• [To do]: Determine the number of lines in these entries that hold the word "noise". Give the number and nothing more.

• [Supplied entries]:

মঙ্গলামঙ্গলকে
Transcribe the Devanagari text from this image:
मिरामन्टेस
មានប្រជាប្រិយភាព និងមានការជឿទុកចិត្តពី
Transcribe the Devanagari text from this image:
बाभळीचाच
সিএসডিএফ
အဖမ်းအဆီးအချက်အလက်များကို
...
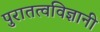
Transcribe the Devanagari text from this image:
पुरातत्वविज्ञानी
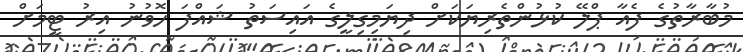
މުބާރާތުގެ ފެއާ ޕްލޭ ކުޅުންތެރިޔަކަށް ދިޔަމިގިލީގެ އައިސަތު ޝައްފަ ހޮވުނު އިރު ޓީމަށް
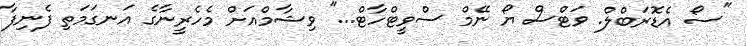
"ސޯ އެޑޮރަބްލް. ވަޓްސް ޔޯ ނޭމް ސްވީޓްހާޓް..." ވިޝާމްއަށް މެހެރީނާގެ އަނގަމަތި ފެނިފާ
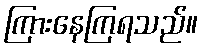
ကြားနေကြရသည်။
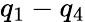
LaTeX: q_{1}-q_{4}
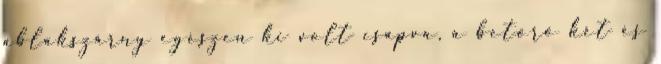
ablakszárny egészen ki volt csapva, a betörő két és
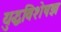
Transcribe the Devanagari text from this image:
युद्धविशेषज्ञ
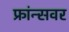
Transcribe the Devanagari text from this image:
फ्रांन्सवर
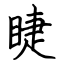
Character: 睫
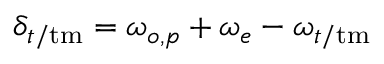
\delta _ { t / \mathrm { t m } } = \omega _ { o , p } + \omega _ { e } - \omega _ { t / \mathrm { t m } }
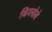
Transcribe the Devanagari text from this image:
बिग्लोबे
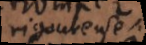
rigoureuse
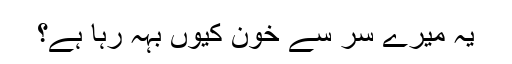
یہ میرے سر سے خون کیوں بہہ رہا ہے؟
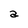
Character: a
==
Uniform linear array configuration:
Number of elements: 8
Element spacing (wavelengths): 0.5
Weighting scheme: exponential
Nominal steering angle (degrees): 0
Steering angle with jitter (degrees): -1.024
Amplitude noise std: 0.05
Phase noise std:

• [Result of this task]: 2